Для осуществления мечты — только одно препятствие. А он был неверным. Пусть предстанет перед судом Аллаха — с их помощью.
* * *
— И, несмотря на то что я не могу сказать, будто мне нравится, как вы в октябре обошлись с «Орлами» моего родного Бостонского колледжа, — улыбнулся Райан, обращаясь к чемпионам футбольной студенческой лиги — команде университета Оклахомы в Нормане, — в вашей традиции всегда стремиться к победе виден настоящий американский дух. — Правда, это не помогло университету Флориды во время розыгрыша финала «Апельсинового кубка», закончившегося разгромным счётом 35:10.
Снова раздались аплодисменты. Джеку это так понравилось, что он почти забыл, что текст выступления написан кем-то другим. Его улыбка, обнажившая чуть искривлённый зуб, казалось, осветила зал, он решительно взмахнул правой рукой, на этот раз без колебаний. Это было заметно тем, кто наблюдали за выступлением по программе, транслировавшей Си-Спэн.
— Он быстро овладевает навыками оратора, — заметил Эд Келти.
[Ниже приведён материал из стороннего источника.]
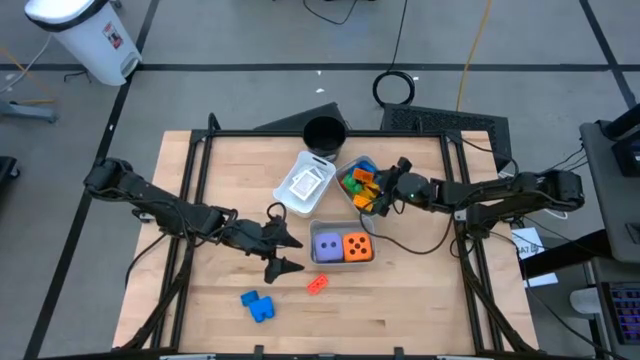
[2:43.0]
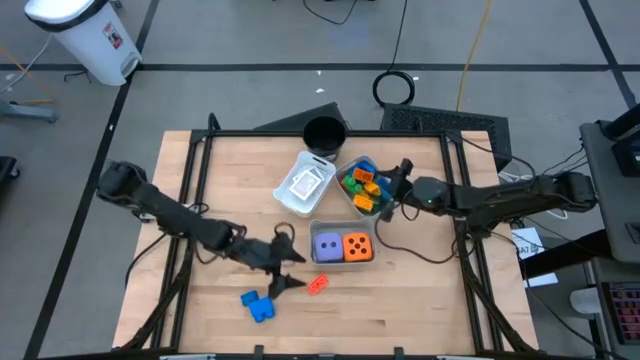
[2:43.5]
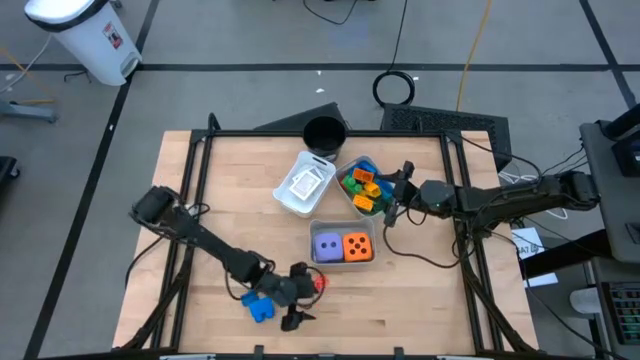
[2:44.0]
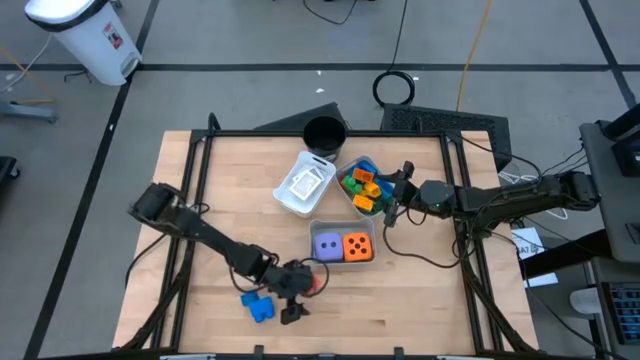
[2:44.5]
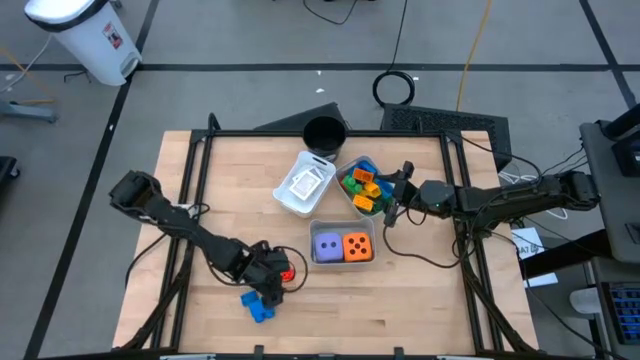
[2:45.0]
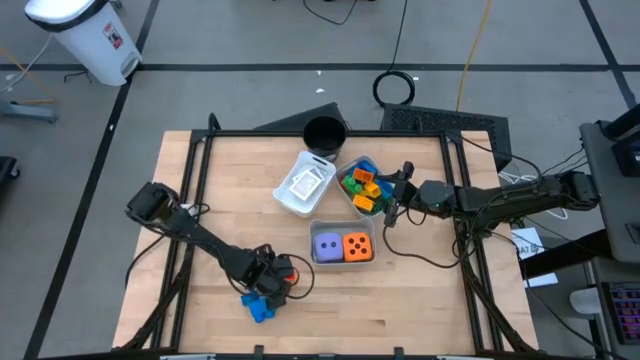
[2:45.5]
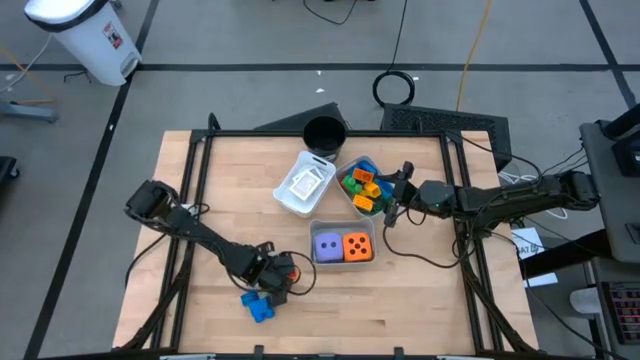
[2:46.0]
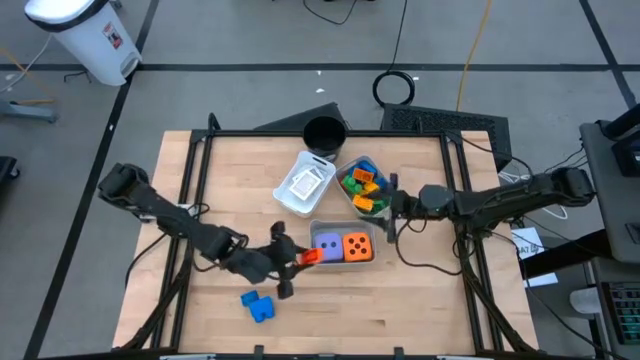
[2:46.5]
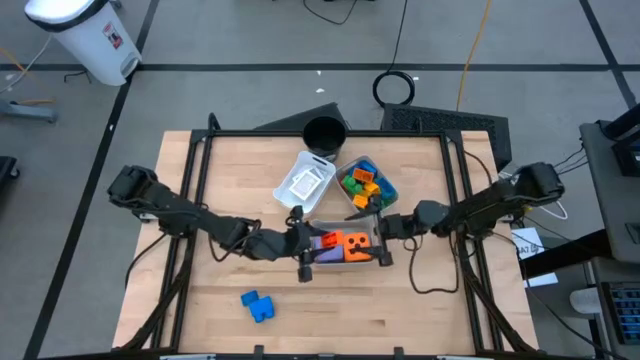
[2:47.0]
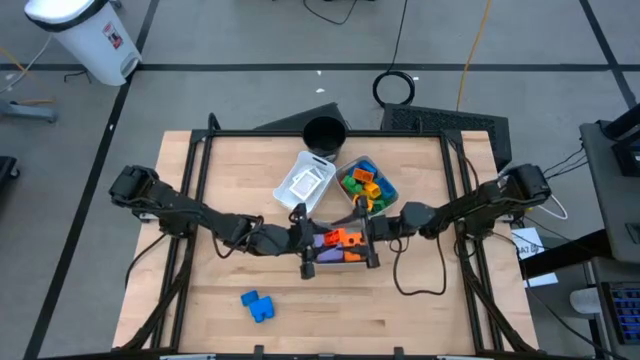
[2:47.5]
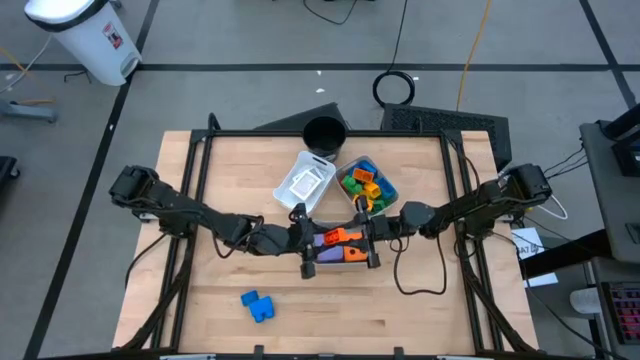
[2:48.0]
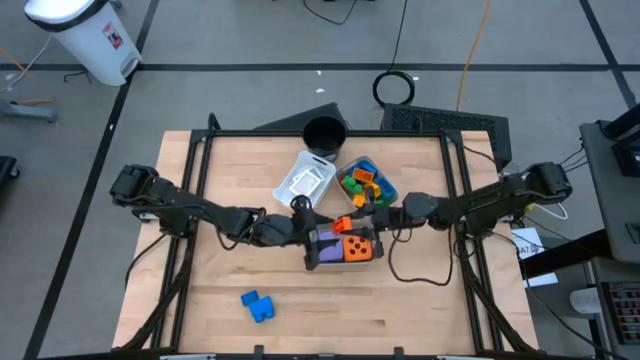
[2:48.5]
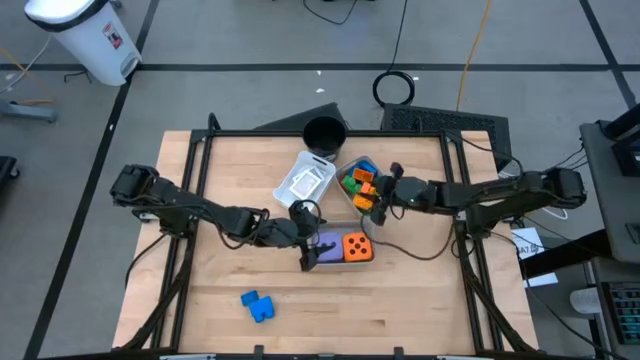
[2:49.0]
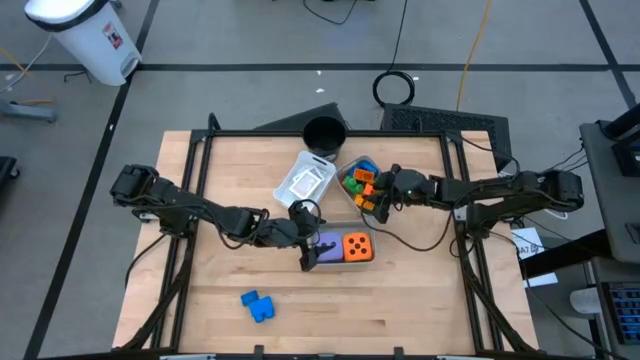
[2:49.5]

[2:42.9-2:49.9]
Task: Pick & Place Toys
Put the orange game piece into the top gray bin

Говоря так, он не кривил душой. Но перед лицом публики вёл себя иначе, такие уж политики реалисты, по крайней мере в тактическом смысле.
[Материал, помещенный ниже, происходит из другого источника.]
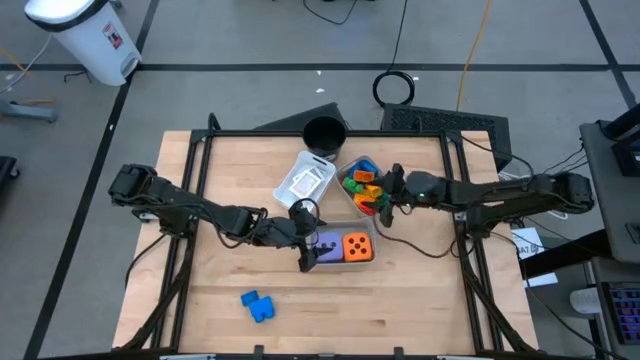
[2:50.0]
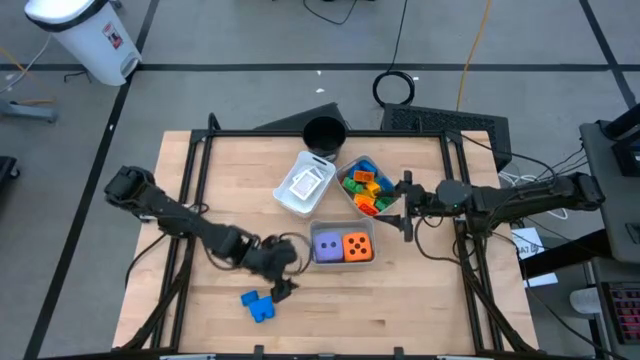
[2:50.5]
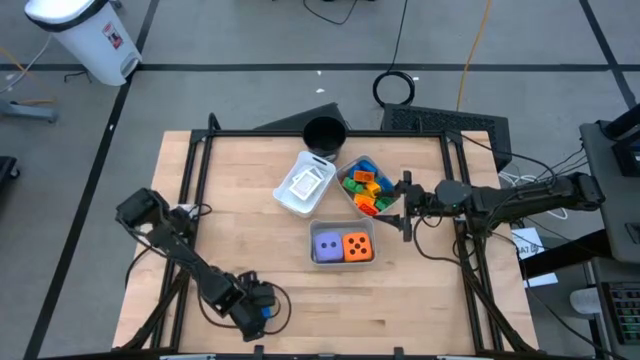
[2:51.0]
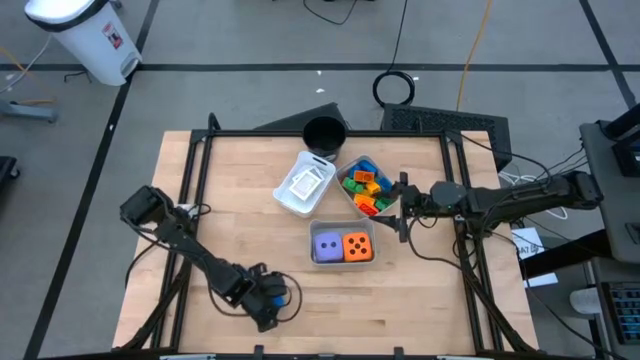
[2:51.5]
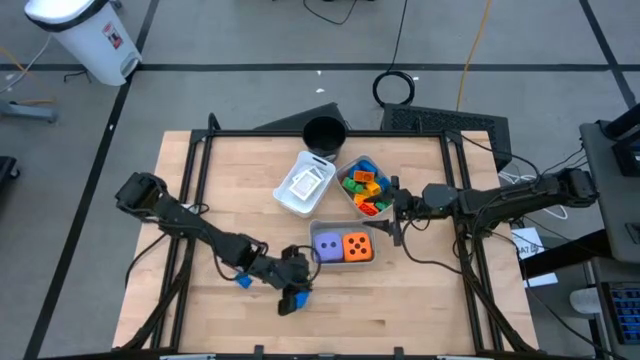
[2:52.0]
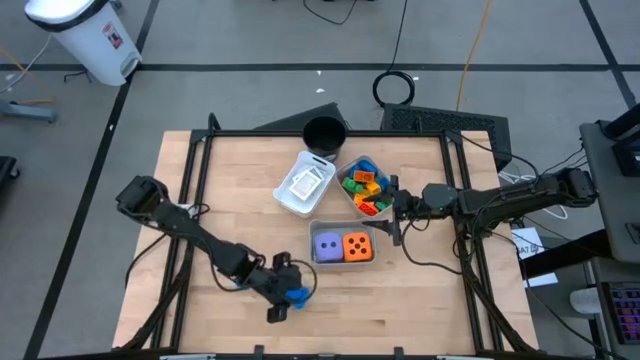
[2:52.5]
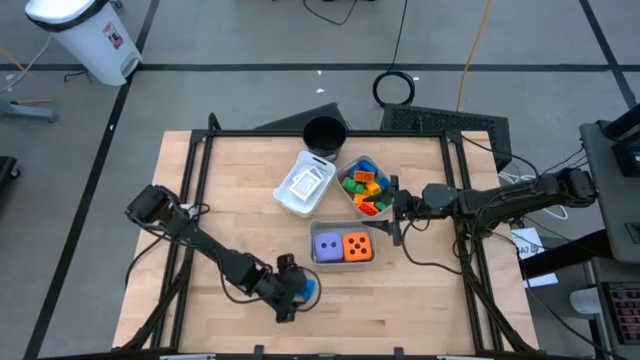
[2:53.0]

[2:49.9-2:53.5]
Put the blue game piece into the top gray bin

— Не забудь, что у него превосходный учитель, — напомнил бывшему вице-президенту глава его администрации. — Лучше Арни не сыскать. Наши первоначальные успехи привлекли их внимание, Эд, и ван Дамм, должно быть, здорово взялся за Райана.
Он не добавил, что их «первоначальные успехи» после этого резко пошли на спад. Газеты напечатали редакционные статьи о Келти, затем редакторы подумали и отступили — не в стратегическом плане, потому что средства массовой информации редко признают свои ошибки, просто «новости», поступающие из пресс-центра Белого дома, если и не хвалили Райана, то, по крайней мере, перестали включать такие резкие слова, как «колеблющийся», «неуверенный», «замешательство» и тому подобное. Белый дом не может быть в замешательстве, когда главой администрации президента является Арни ван Дамм, и весь вашингтонский истэблишмент знал это.
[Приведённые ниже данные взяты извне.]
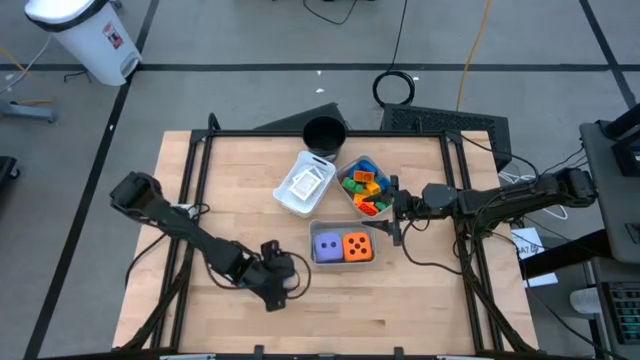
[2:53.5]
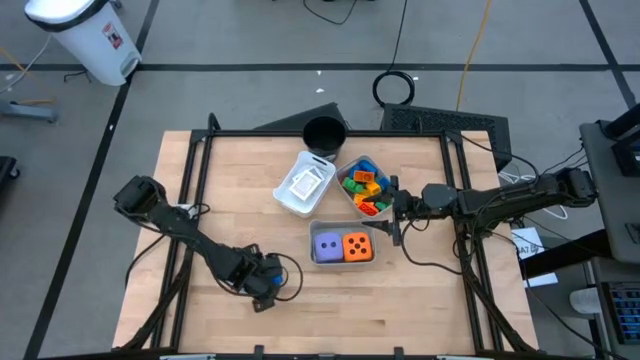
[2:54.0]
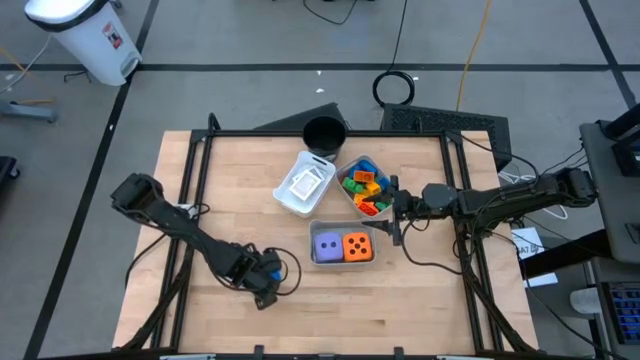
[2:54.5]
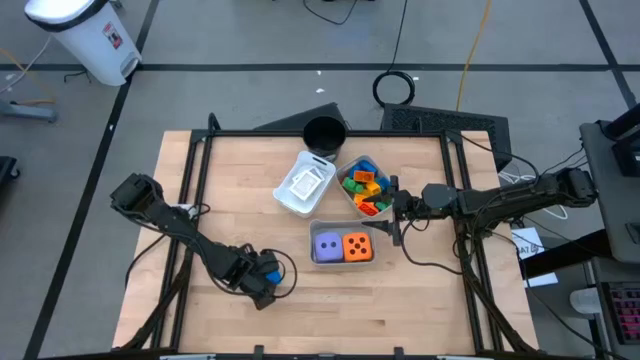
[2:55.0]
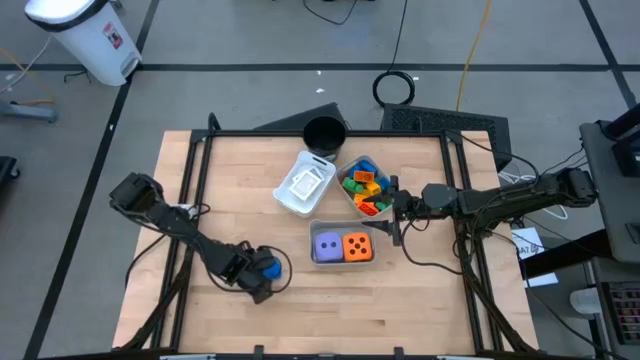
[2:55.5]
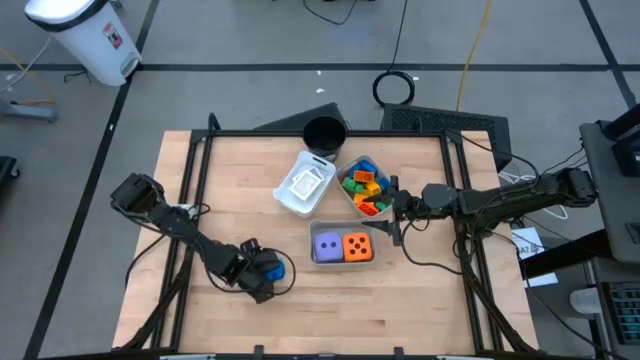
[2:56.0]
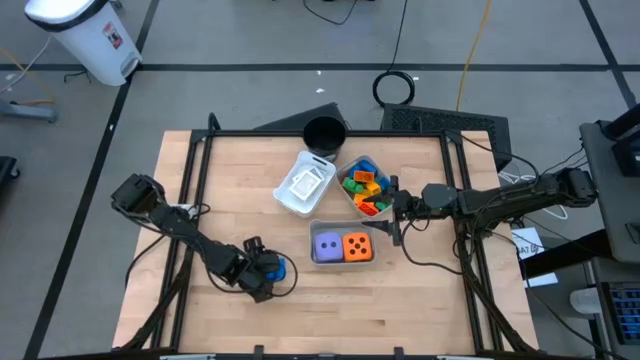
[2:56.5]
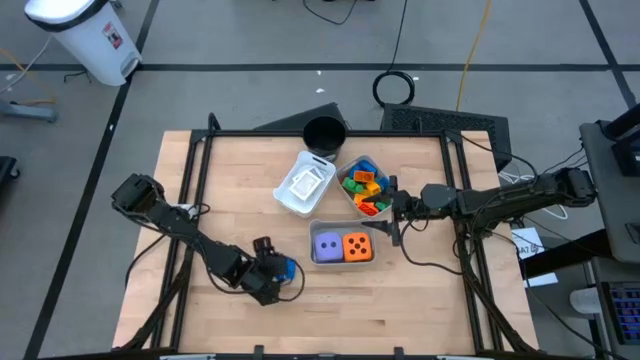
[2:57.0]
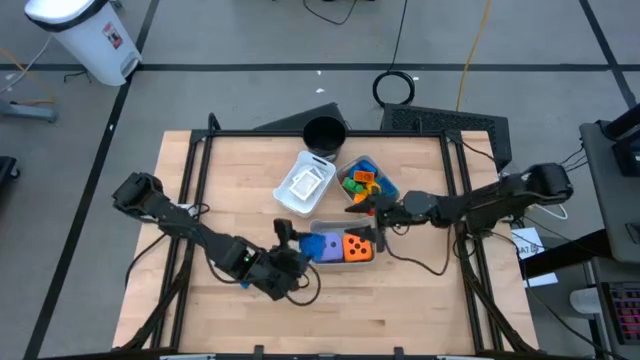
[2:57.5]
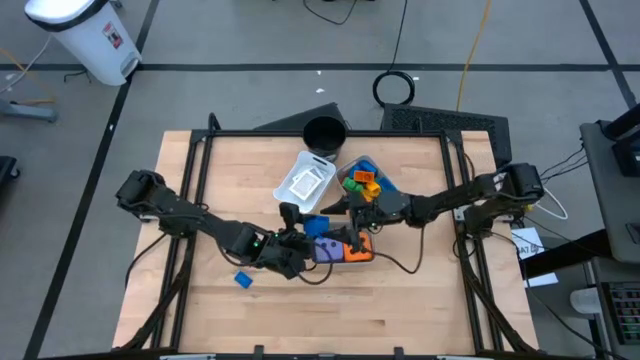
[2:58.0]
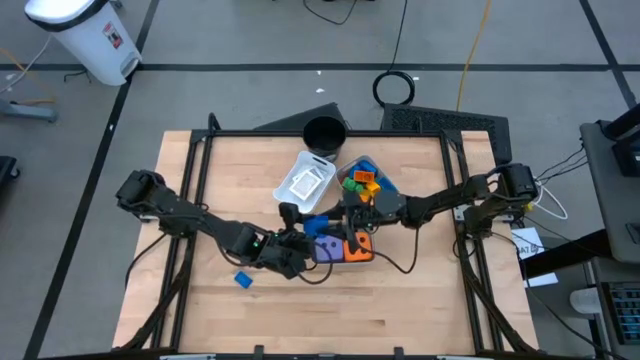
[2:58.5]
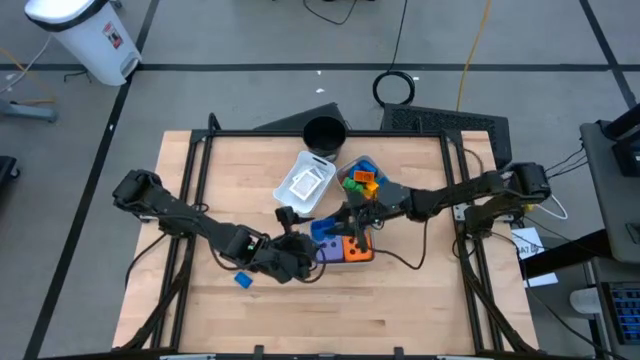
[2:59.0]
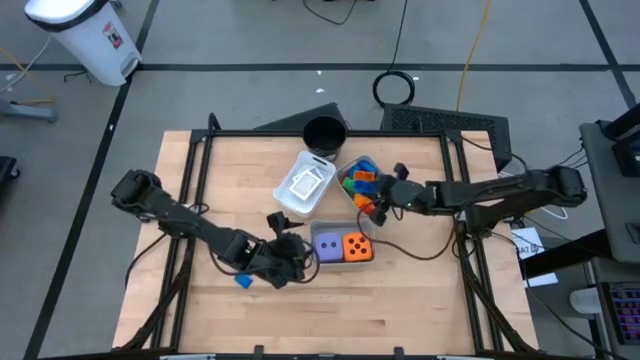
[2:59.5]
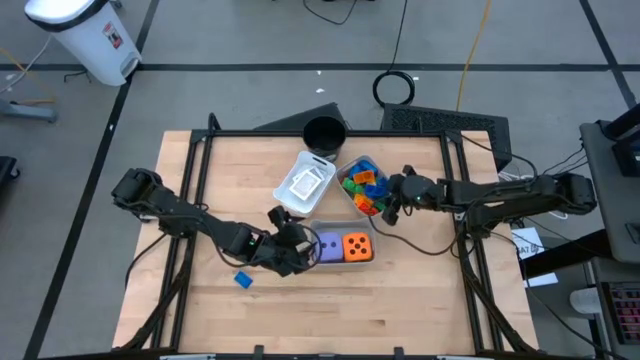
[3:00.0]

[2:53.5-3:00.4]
Put the blue game piece into the top gray bin

Назначения на важные министерские посты, сделанные Райаном, сначала вызвали неодобрение у средств массовой информации, но вскоре вновь назначенные министры всерьёз взялись за работу. Адлер был кадровым дипломатом, сумевшим сделать блестящую карьеру; ещё будучи молодым сотрудником Государственного департамента, он провёл слишком много брифингов по вопросам международной политики, и корреспонденты просто не могли выступить против него, а Адлер высоко оценивал опыт Райана в международных делах. Джордж Уинстон, хотя и принадлежал к плутократам, пришедшим со стороны, провёл «незаметную» чистку своего министерства, а в его справочнике значились телефонные номера всех финансовых обозревателей от Берлина до Токио, и он обращался к ним, чтобы знать их точку зрения и выслушать советы. Но самое большое удивление вызвал Тони Бретано, ставший главой Пентагона. Громогласный противник существующей системы, не скрывающий своей точки зрения уже десяток лет, он пообещал сообществу репортёров, пишущих по вопросам обороны, что вычистит этот храм или погибнет в борьбе. Он подтвердил, что они были правы, заявляя, какие огромные средства напрасно расходуются Министерством обороны, но он с одобрения президента приложит все усилия, чтобы раз и навсегда избавиться от коррупции, связанной с поставками снаряжения.